> _YOUR OBJECTIVE_
Give all the lines below again, exactly, with no pictures.

Stored items:
•••
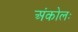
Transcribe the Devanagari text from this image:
अंकोलः
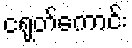
ငရုတ်ကောင်း
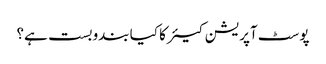
پوسٹ آپریشن کیئر کا کیا بندوبست ہے؟
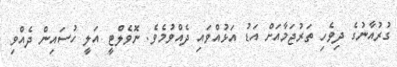
ގުރުއާނުގެ ދިވެހި ތަރުޖަމާއަށް އަޑު އަޅުއްވައި ދެއްވުމެވެ. ނޮވެލްޓީ އަލީ ހުސައިން ދެއްވި
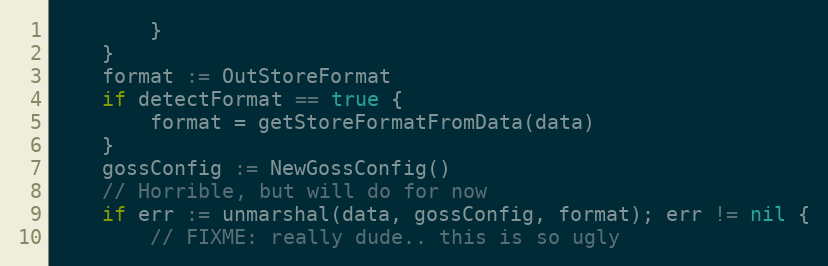
Language: Go
		}
	}
	format := OutStoreFormat
	if detectFormat == true {
		format = getStoreFormatFromData(data)
	}
	gossConfig := NewGossConfig()
	// Horrible, but will do for now
	if err := unmarshal(data, gossConfig, format); err != nil {
		// FIXME: really dude.. this is so ugly
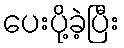
ပေးပို့ခဲ့ပြီး
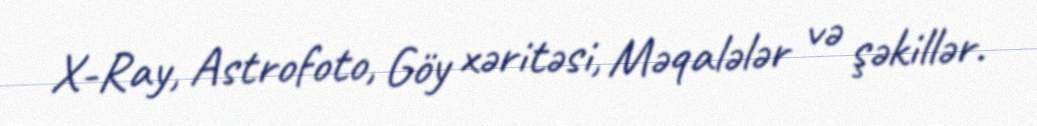
X-Ray, Astrofoto, Göy xəritəsi, Məqalələr və şəkillər.
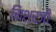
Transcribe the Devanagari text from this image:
मिश्रजी
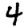
Digit: 4
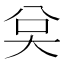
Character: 𭑉
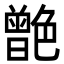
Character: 䒏
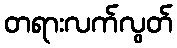
တရားလက်လွတ်
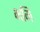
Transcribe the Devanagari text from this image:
भमि
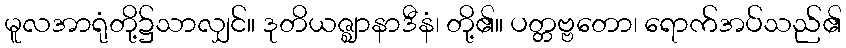
မူလအာရုံတို့၌သာလျှင်။ ဒုတိယဇ္ဈာနာဒီနံ၊ တို့၏။ ပတ္တဗ္ဗတော၊ ရောက်အပ်သည်၏
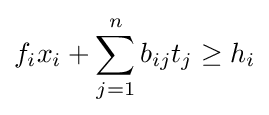
f_{i}x_{i}+\sum _{j=1}^{n}b_{ij}t_{j}\geq h_{i}
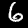
Digit: 6
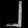
Digit: ၂
•••
> _EXERCISE RESPONSE_
Transcribe the Devanagari text from this image:
अंकोलः
ငရုတ်ကောင်း
پوسٹ آپریشن کیئر کا کیا بندوبست ہے؟
ގުރުއާނުގެ ދިވެހި ތަރުޖަމާއަށް އަޑު އަޅުއްވައި ދެއްވުމެވެ. ނޮވެލްޓީ އަލީ ހުސައިން ދެއްވި
Language: Go
		}
	}
	format := OutStoreFormat
	if detectFormat == true {
		format = getStoreFormatFromData(data)
	}
	gossConfig := NewGossConfig()
	// Horrible, but will do for now
	if err := unmarshal(data, gossConfig, format); err != nil {
		// FIXME: really dude.. this is so ugly
ပေးပို့ခဲ့ပြီး
X-Ray, Astrofoto, Göy xəritəsi, Məqalələr və şəkillər.
Transcribe the Devanagari text from this image:
मिश्रजी
Digit: 4
Character: 𭑉
Character: 䒏
တရားလက်လွတ်
Transcribe the Devanagari text from this image:
भमि
မူလအာရုံတို့၌သာလျှင်။ ဒုတိယဇ္ဈာနာဒီနံ၊ တို့၏။ ပတ္တဗ္ဗတော၊ ရောက်အပ်သည်၏
f_{i}x_{i}+\sum _{j=1}^{n}b_{ij}t_{j}\geq h_{i}
Digit: 6
Digit: ၂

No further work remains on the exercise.